* BRIEF
Each entry should be printed exactly, with its images omitted.

DATA EXTRACTS Start Marker

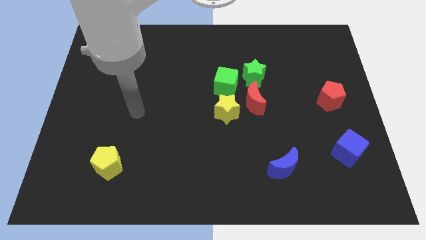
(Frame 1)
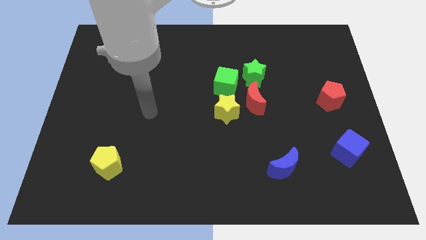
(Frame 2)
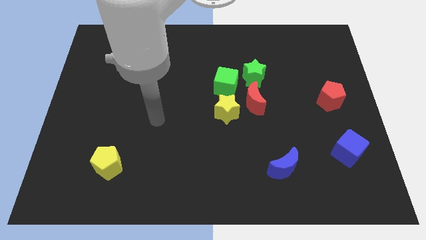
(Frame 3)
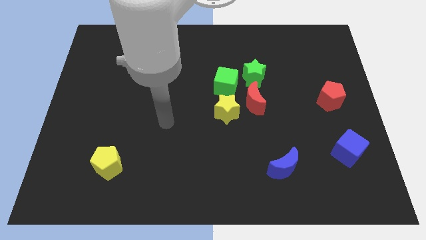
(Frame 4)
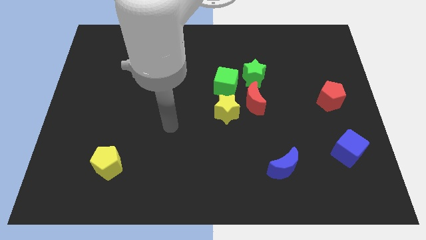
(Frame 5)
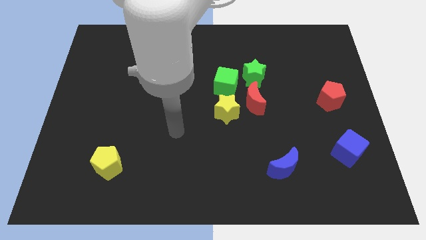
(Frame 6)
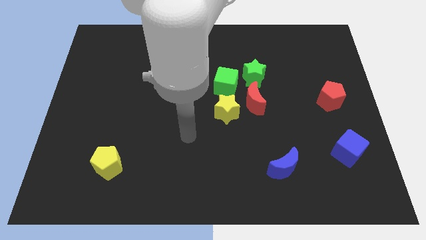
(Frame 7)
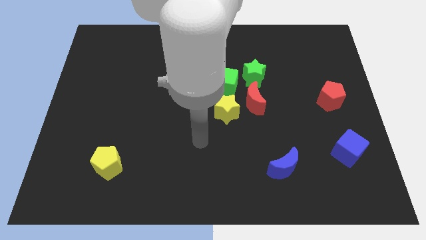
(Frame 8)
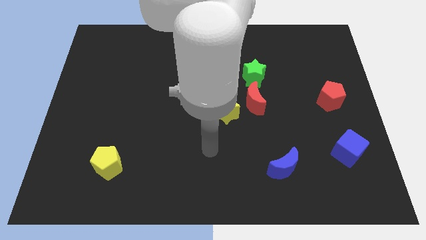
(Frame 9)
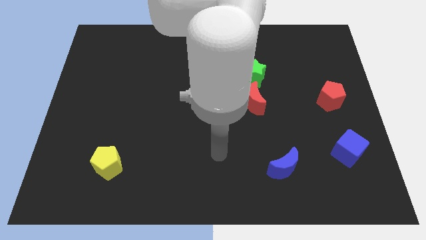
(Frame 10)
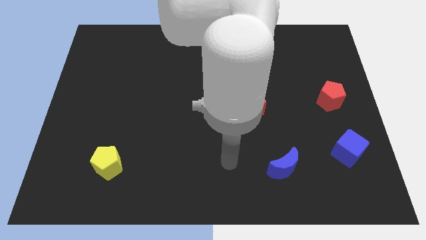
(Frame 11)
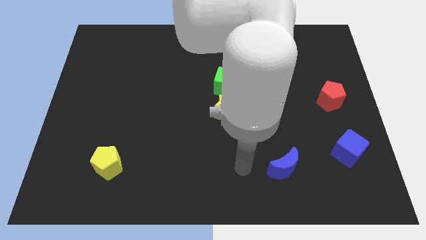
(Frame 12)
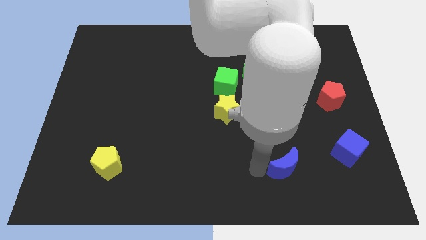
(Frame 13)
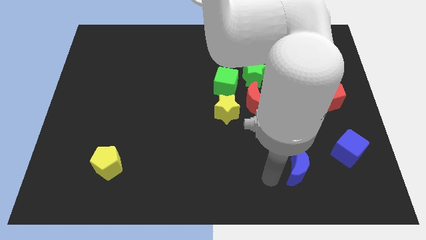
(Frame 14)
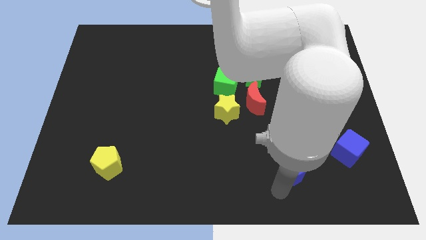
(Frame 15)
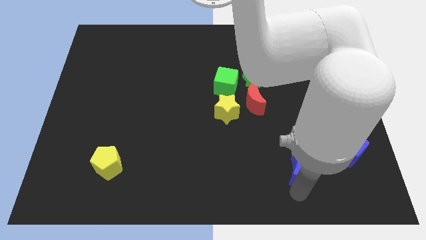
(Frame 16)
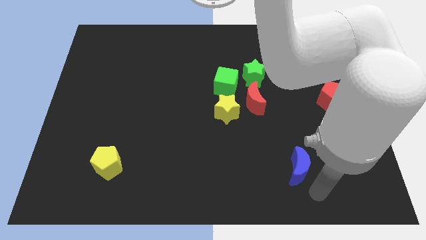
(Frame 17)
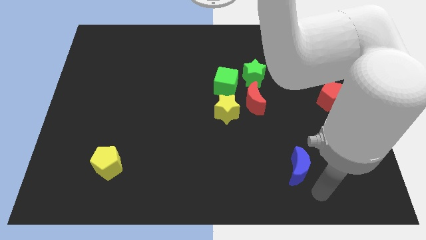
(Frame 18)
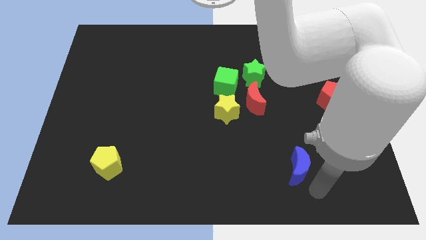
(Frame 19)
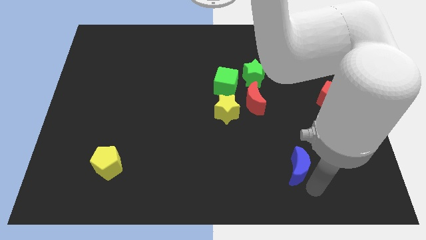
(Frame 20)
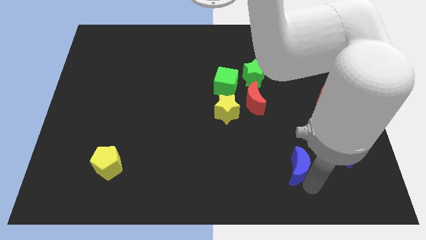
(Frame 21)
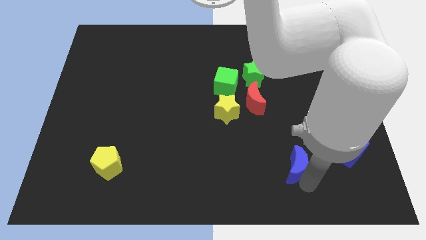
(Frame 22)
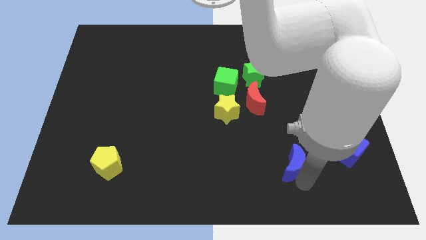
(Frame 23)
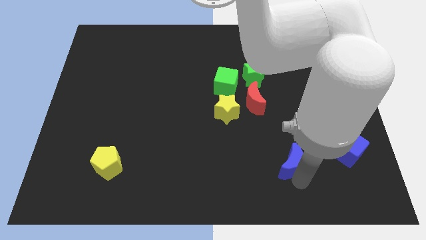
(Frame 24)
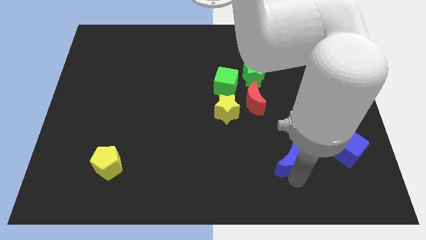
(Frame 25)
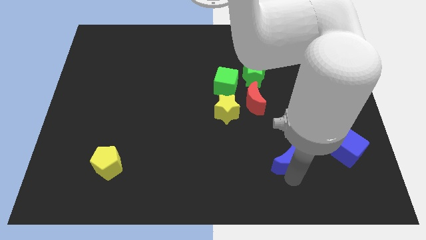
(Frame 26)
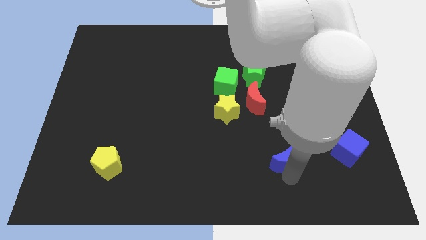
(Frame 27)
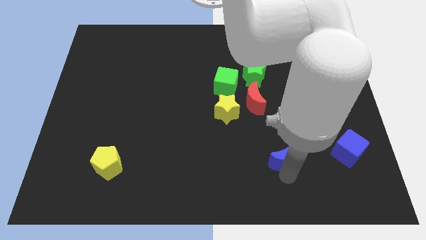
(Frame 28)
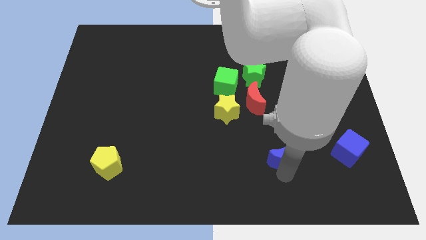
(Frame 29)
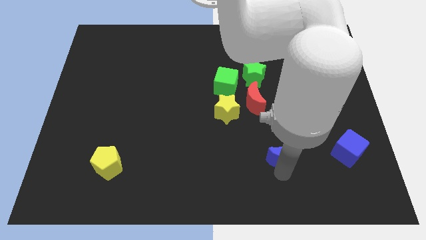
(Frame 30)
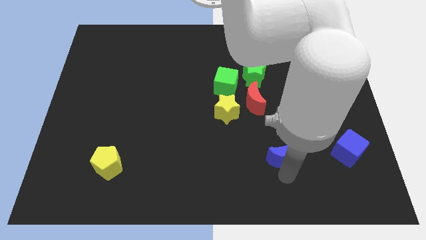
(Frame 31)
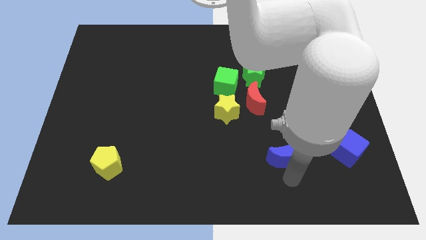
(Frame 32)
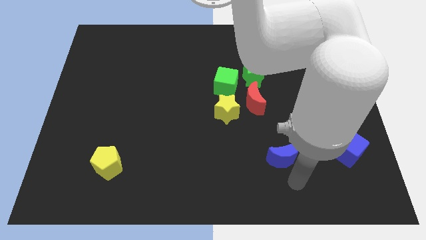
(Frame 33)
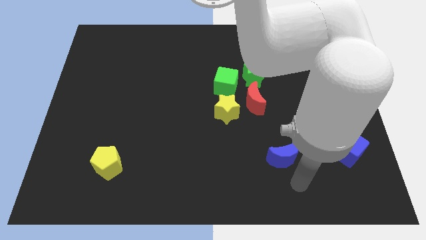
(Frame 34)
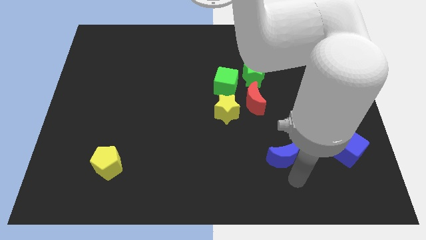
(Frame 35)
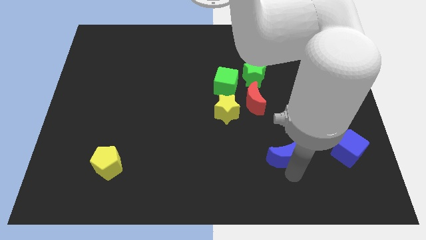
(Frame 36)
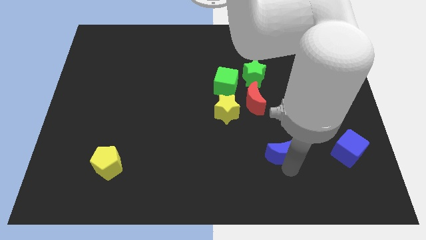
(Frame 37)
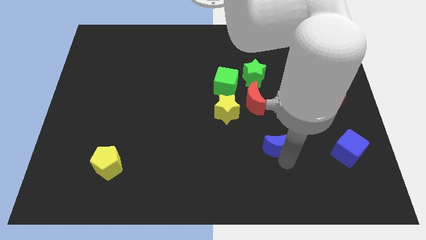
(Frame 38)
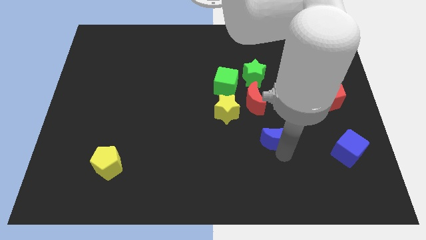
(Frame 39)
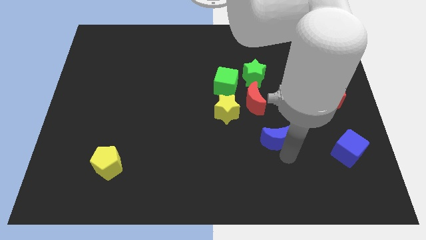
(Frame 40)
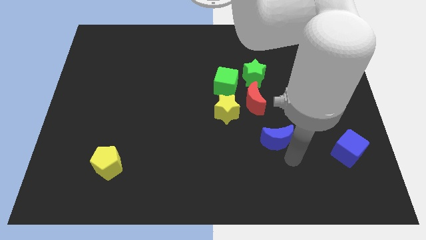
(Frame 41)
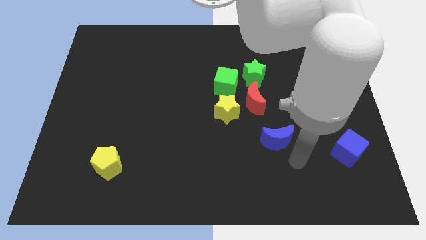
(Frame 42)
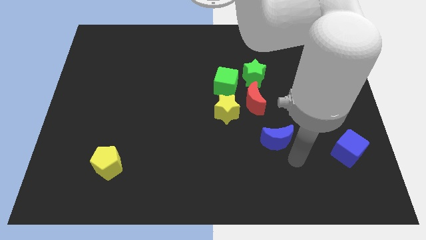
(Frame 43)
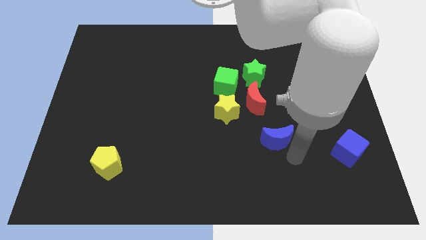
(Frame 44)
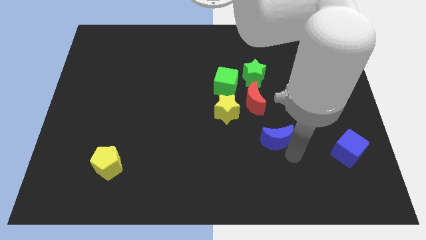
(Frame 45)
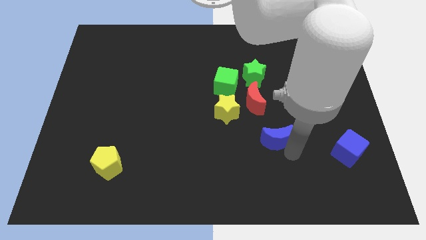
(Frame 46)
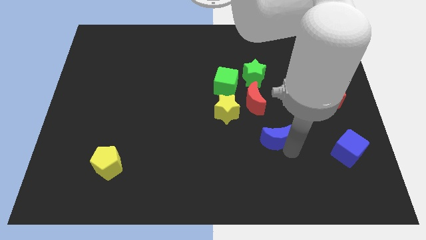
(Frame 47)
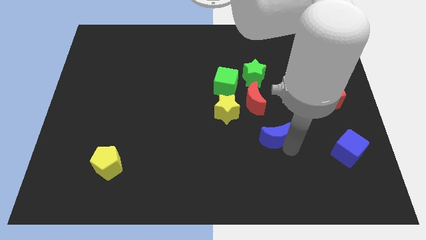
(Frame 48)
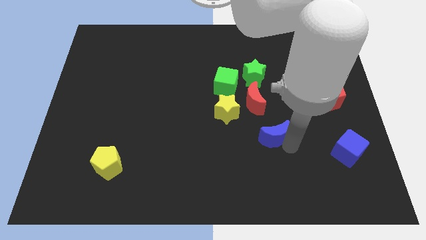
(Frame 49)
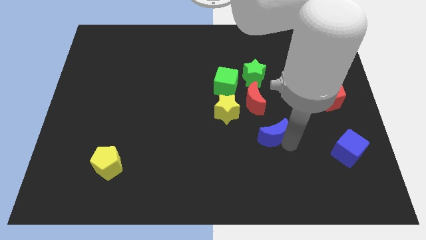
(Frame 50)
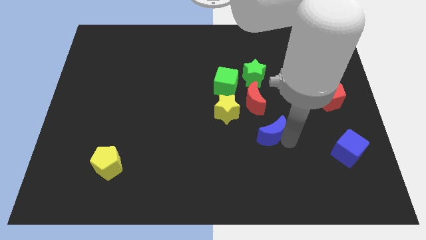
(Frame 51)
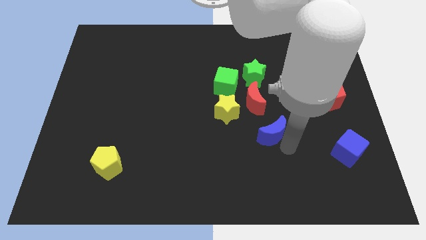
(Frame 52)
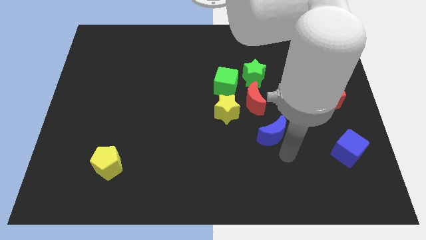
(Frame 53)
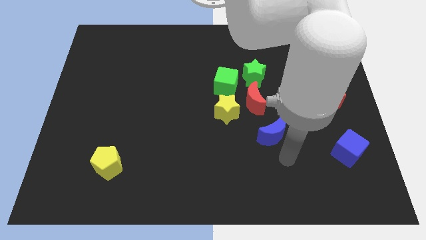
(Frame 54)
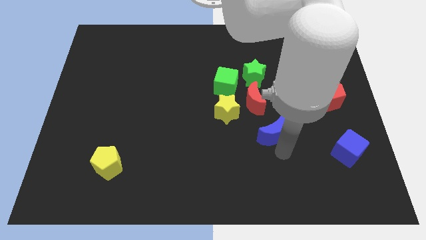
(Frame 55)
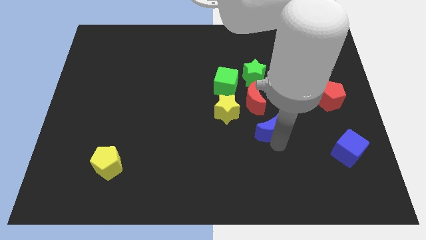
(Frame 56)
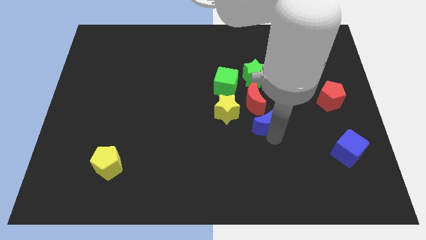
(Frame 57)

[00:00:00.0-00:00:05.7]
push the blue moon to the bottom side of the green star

DATA EXTRACTS End Marker

* WRITTEN ANSWER
(Frame 1)
(Frame 2)
(Frame 3)
(Frame 4)
(Frame 5)
(Frame 6)
(Frame 7)
(Frame 8)
(Frame 9)
(Frame 10)
(Frame 11)
(Frame 12)
(Frame 13)
(Frame 14)
(Frame 15)
(Frame 16)
(Frame 17)
(Frame 18)
(Frame 19)
(Frame 20)
(Frame 21)
(Frame 22)
(Frame 23)
(Frame 24)
(Frame 25)
(Frame 26)
(Frame 27)
(Frame 28)
(Frame 29)
(Frame 30)
(Frame 31)
(Frame 32)
(Frame 33)
(Frame 34)
(Frame 35)
(Frame 36)
(Frame 37)
(Frame 38)
(Frame 39)
(Frame 40)
(Frame 41)
(Frame 42)
(Frame 43)
(Frame 44)
(Frame 45)
(Frame 46)
(Frame 47)
(Frame 48)
(Frame 49)
(Frame 50)
(Frame 51)
(Frame 52)
(Frame 53)
(Frame 54)
(Frame 55)
(Frame 56)
(Frame 57)

[00:00:00.0-00:00:05.7]
push the blue moon to the bottom side of the green star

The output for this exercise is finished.